**DIRECTIONS**
The records that follow are to be given again exactly, with their pictures omitted.

Data records
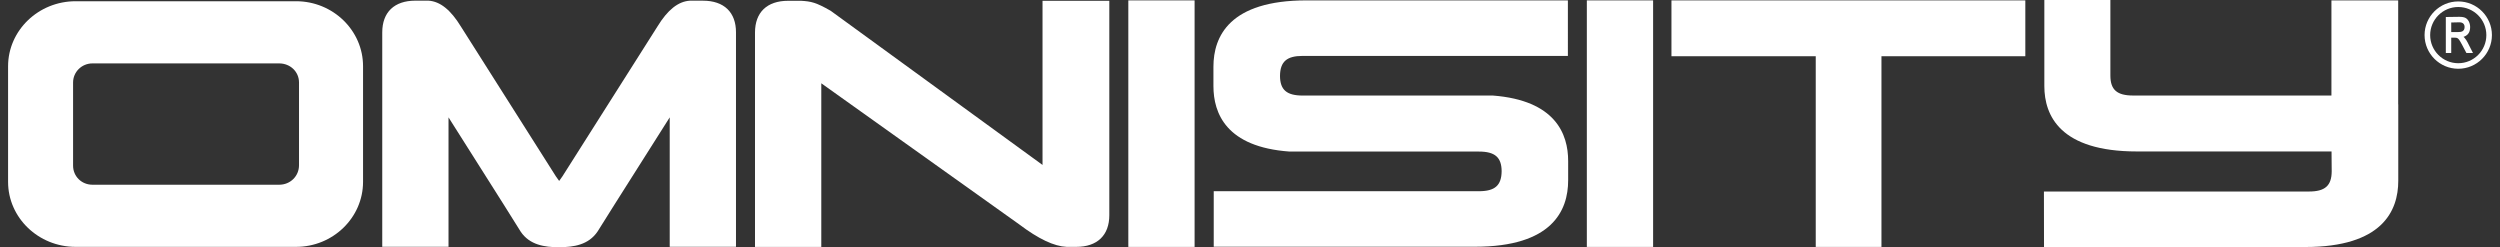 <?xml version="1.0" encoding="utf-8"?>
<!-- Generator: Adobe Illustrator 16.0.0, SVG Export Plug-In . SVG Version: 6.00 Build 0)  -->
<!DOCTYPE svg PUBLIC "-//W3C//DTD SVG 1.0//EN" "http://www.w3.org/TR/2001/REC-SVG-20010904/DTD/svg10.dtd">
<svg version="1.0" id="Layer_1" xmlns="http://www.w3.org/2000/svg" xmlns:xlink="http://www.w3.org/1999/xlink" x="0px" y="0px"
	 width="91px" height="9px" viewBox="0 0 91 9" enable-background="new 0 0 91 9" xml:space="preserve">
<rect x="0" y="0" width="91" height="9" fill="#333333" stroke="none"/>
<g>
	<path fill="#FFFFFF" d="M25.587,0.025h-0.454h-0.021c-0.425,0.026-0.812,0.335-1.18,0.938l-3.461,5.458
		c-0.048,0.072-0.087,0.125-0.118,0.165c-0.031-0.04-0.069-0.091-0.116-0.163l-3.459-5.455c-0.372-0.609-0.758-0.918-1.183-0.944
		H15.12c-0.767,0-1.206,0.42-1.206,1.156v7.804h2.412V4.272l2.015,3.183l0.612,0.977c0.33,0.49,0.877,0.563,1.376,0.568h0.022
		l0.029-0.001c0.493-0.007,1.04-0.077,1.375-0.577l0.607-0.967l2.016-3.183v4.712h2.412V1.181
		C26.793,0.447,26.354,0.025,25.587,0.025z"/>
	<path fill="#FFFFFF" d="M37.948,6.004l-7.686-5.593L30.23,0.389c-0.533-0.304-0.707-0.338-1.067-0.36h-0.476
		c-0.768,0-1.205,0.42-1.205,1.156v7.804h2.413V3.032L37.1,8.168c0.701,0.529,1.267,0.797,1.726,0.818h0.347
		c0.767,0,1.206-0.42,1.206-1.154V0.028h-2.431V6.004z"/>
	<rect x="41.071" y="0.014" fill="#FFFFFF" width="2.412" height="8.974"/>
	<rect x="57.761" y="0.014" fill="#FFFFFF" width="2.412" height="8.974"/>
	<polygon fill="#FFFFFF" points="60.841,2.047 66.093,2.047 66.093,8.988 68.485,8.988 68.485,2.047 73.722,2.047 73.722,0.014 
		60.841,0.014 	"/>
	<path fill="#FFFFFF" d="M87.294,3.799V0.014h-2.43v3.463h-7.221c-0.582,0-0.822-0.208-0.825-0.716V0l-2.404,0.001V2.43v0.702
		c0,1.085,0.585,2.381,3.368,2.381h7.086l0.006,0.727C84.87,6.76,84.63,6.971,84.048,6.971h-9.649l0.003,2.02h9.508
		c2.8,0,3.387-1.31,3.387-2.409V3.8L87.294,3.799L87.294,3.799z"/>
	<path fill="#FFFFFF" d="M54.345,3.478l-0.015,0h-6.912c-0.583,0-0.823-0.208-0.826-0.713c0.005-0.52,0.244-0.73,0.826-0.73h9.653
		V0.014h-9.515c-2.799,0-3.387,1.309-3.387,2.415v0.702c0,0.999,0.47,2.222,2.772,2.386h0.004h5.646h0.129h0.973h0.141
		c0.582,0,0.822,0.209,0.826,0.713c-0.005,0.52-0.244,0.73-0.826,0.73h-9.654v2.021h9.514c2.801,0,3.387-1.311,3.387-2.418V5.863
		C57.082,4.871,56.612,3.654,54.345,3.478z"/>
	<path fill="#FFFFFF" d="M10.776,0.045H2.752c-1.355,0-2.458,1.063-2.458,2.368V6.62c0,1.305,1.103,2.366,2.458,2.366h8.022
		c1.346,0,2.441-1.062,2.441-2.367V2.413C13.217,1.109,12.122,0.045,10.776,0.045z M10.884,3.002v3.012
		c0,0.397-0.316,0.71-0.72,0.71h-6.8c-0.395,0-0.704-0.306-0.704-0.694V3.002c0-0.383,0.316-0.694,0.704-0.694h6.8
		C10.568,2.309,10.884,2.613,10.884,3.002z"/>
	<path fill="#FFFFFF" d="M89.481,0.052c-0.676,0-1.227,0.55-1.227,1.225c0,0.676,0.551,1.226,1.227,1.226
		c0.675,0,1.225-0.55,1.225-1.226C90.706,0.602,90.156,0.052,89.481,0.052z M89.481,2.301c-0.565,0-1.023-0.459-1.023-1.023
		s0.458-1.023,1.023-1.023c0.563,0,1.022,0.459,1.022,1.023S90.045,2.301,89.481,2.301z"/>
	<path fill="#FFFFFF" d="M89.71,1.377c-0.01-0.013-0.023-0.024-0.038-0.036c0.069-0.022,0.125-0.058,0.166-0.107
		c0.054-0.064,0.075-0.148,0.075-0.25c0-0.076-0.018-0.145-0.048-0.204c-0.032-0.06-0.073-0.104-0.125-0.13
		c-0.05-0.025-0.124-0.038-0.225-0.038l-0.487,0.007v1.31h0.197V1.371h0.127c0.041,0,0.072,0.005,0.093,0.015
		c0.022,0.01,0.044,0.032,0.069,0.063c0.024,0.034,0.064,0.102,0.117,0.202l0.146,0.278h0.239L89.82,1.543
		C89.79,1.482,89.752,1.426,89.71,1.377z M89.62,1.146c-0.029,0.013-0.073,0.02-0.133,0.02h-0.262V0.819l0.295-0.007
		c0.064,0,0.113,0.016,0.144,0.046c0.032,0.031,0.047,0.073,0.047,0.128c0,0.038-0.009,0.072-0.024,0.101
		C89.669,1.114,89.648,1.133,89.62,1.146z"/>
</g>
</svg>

**EXERCISE OUTPUT**
 <?xml version="1.0" encoding="utf-8"?>
<!-- Generator: Adobe Illustrator 16.0.0, SVG Export Plug-In . SVG Version: 6.00 Build 0)  -->
<!DOCTYPE svg PUBLIC "-//W3C//DTD SVG 1.0//EN" "http://www.w3.org/TR/2001/REC-SVG-20010904/DTD/svg10.dtd">
<svg version="1.0" id="Layer_1" xmlns="http://www.w3.org/2000/svg" xmlns:xlink="http://www.w3.org/1999/xlink" x="0px" y="0px"
	 width="91px" height="9px" viewBox="0 0 91 9" enable-background="new 0 0 91 9" xml:space="preserve">
<rect x="0" y="0" width="91" height="9" fill="#333333" stroke="none"/>
<g>
	<path fill="#FFFFFF" d="M25.587,0.025h-0.454h-0.021c-0.425,0.026-0.812,0.335-1.18,0.938l-3.461,5.458
		c-0.048,0.072-0.087,0.125-0.118,0.165c-0.031-0.04-0.069-0.091-0.116-0.163l-3.459-5.455c-0.372-0.609-0.758-0.918-1.183-0.944
		H15.12c-0.767,0-1.206,0.42-1.206,1.156v7.804h2.412V4.272l2.015,3.183l0.612,0.977c0.33,0.49,0.877,0.563,1.376,0.568h0.022
		l0.029-0.001c0.493-0.007,1.04-0.077,1.375-0.577l0.607-0.967l2.016-3.183v4.712h2.412V1.181
		C26.793,0.447,26.354,0.025,25.587,0.025z"/>
	<path fill="#FFFFFF" d="M37.948,6.004l-7.686-5.593L30.23,0.389c-0.533-0.304-0.707-0.338-1.067-0.36h-0.476
		c-0.768,0-1.205,0.42-1.205,1.156v7.804h2.413V3.032L37.1,8.168c0.701,0.529,1.267,0.797,1.726,0.818h0.347
		c0.767,0,1.206-0.42,1.206-1.154V0.028h-2.431V6.004z"/>
	<rect x="41.071" y="0.014" fill="#FFFFFF" width="2.412" height="8.974"/>
	<rect x="57.761" y="0.014" fill="#FFFFFF" width="2.412" height="8.974"/>
	<polygon fill="#FFFFFF" points="60.841,2.047 66.093,2.047 66.093,8.988 68.485,8.988 68.485,2.047 73.722,2.047 73.722,0.014 
		60.841,0.014 	"/>
	<path fill="#FFFFFF" d="M87.294,3.799V0.014h-2.43v3.463h-7.221c-0.582,0-0.822-0.208-0.825-0.716V0l-2.404,0.001V2.43v0.702
		c0,1.085,0.585,2.381,3.368,2.381h7.086l0.006,0.727C84.87,6.76,84.63,6.971,84.048,6.971h-9.649l0.003,2.02h9.508
		c2.8,0,3.387-1.31,3.387-2.409V3.8L87.294,3.799L87.294,3.799z"/>
	<path fill="#FFFFFF" d="M54.345,3.478l-0.015,0h-6.912c-0.583,0-0.823-0.208-0.826-0.713c0.005-0.52,0.244-0.73,0.826-0.73h9.653
		V0.014h-9.515c-2.799,0-3.387,1.309-3.387,2.415v0.702c0,0.999,0.47,2.222,2.772,2.386h0.004h5.646h0.129h0.973h0.141
		c0.582,0,0.822,0.209,0.826,0.713c-0.005,0.52-0.244,0.73-0.826,0.73h-9.654v2.021h9.514c2.801,0,3.387-1.311,3.387-2.418V5.863
		C57.082,4.871,56.612,3.654,54.345,3.478z"/>
	<path fill="#FFFFFF" d="M10.776,0.045H2.752c-1.355,0-2.458,1.063-2.458,2.368V6.62c0,1.305,1.103,2.366,2.458,2.366h8.022
		c1.346,0,2.441-1.062,2.441-2.367V2.413C13.217,1.109,12.122,0.045,10.776,0.045z M10.884,3.002v3.012
		c0,0.397-0.316,0.71-0.72,0.71h-6.8c-0.395,0-0.704-0.306-0.704-0.694V3.002c0-0.383,0.316-0.694,0.704-0.694h6.8
		C10.568,2.309,10.884,2.613,10.884,3.002z"/>
	<path fill="#FFFFFF" d="M89.481,0.052c-0.676,0-1.227,0.55-1.227,1.225c0,0.676,0.551,1.226,1.227,1.226
		c0.675,0,1.225-0.55,1.225-1.226C90.706,0.602,90.156,0.052,89.481,0.052z M89.481,2.301c-0.565,0-1.023-0.459-1.023-1.023
		s0.458-1.023,1.023-1.023c0.563,0,1.022,0.459,1.022,1.023S90.045,2.301,89.481,2.301z"/>
	<path fill="#FFFFFF" d="M89.71,1.377c-0.01-0.013-0.023-0.024-0.038-0.036c0.069-0.022,0.125-0.058,0.166-0.107
		c0.054-0.064,0.075-0.148,0.075-0.25c0-0.076-0.018-0.145-0.048-0.204c-0.032-0.06-0.073-0.104-0.125-0.13
		c-0.05-0.025-0.124-0.038-0.225-0.038l-0.487,0.007v1.31h0.197V1.371h0.127c0.041,0,0.072,0.005,0.093,0.015
		c0.022,0.01,0.044,0.032,0.069,0.063c0.024,0.034,0.064,0.102,0.117,0.202l0.146,0.278h0.239L89.82,1.543
		C89.79,1.482,89.752,1.426,89.71,1.377z M89.62,1.146c-0.029,0.013-0.073,0.02-0.133,0.02h-0.262V0.819l0.295-0.007
		c0.064,0,0.113,0.016,0.144,0.046c0.032,0.031,0.047,0.073,0.047,0.128c0,0.038-0.009,0.072-0.024,0.101
		C89.669,1.114,89.648,1.133,89.62,1.146z"/>
</g>
</svg>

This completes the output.